Explorance Report: Module Evaluation in a Pandemic and Beyond – What do Students Want?

Written by John Atherton, General Manager (Europe and Africa), Explorance.

Female student working from home on laptop

Following on from our eBook, “Engaging the student voice in our ‘new normal’: How are universities planning to capture, and act upon, feedback from students in 2020-21?”, published in November 2020, drawing on the perspectives of university leaders, Explorance commissioned independent research amongst Students’ Union (SU) representatives around their opinions on the module evaluation and feedback process.

Aston Students’ Union, Heriot-Watt University Student Union, Open University Students Association, Reading University Students’ Union, Regent’s University London Student Union, St Mary’s University Students’ Union, University College Cork Students’ Union, University of Portsmouth Students’ Union, University of Stirling Students’ Union and Worcester Students’ Union all contributed to our research via in-depth interviews in January and February 2021.

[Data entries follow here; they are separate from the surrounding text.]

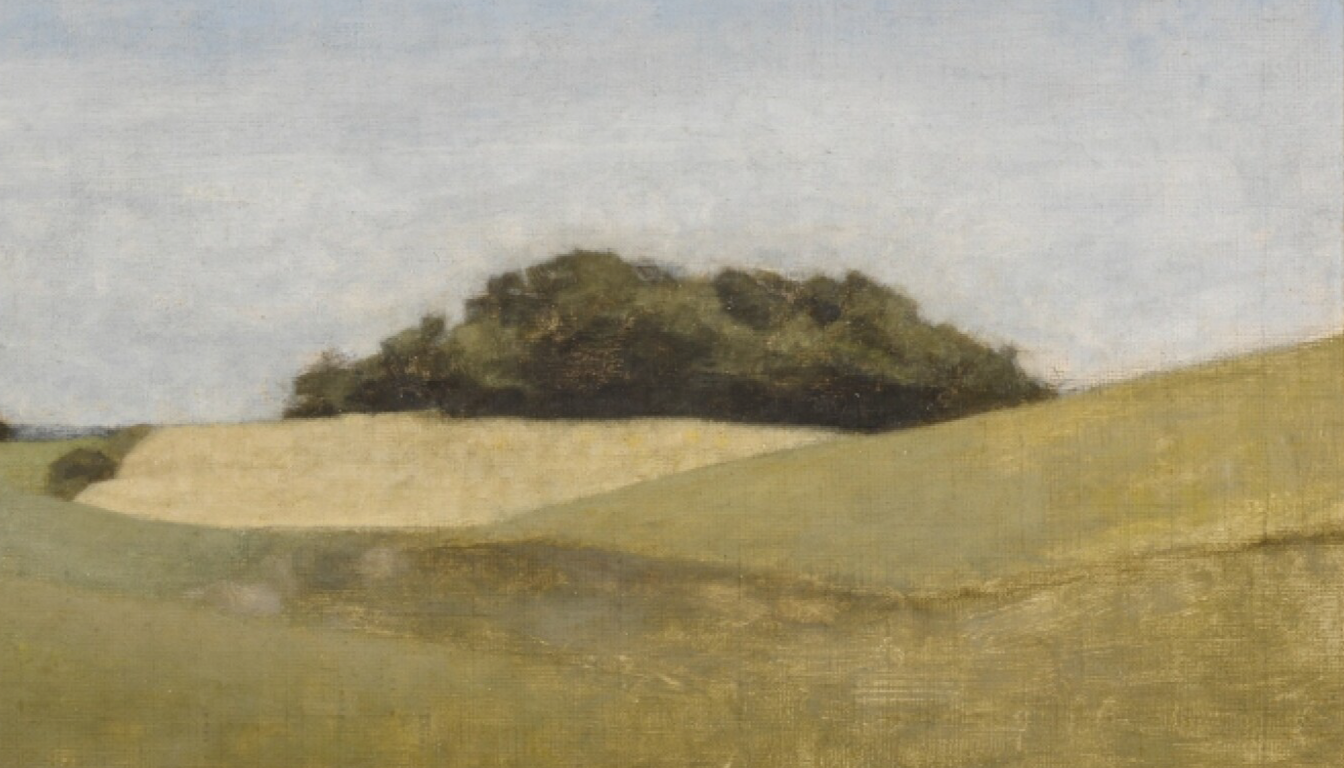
landscape painting, wide, overcast daylight, single cluster of dark trees on rounded hill above pale field with path gently rolling green hills pale blue sky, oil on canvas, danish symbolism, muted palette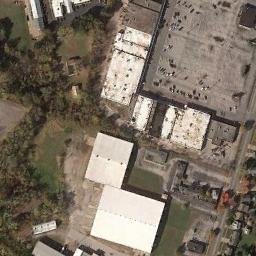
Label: industrial_area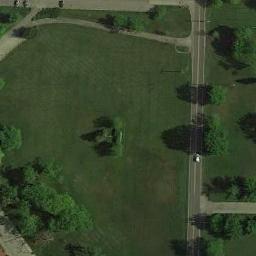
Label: meadow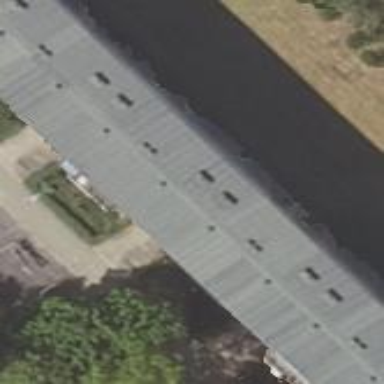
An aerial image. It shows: Terrace building.

We wanted to gauge their own experience of module evaluation surveys, how universities’ approaches to capturing student feedback via surveys shifted (including during the first semester of 2020-21) in the context of Covid-19 and national lockdown, and what institutions could do differently going forward.

We also explored issues around SU leaders’ expectations of universities in terms of responding to the student voice, how module evaluation feedback is being used to support quality assurance and quality enhancement processes, and the extent to which universities and SU teams are working together on this agenda.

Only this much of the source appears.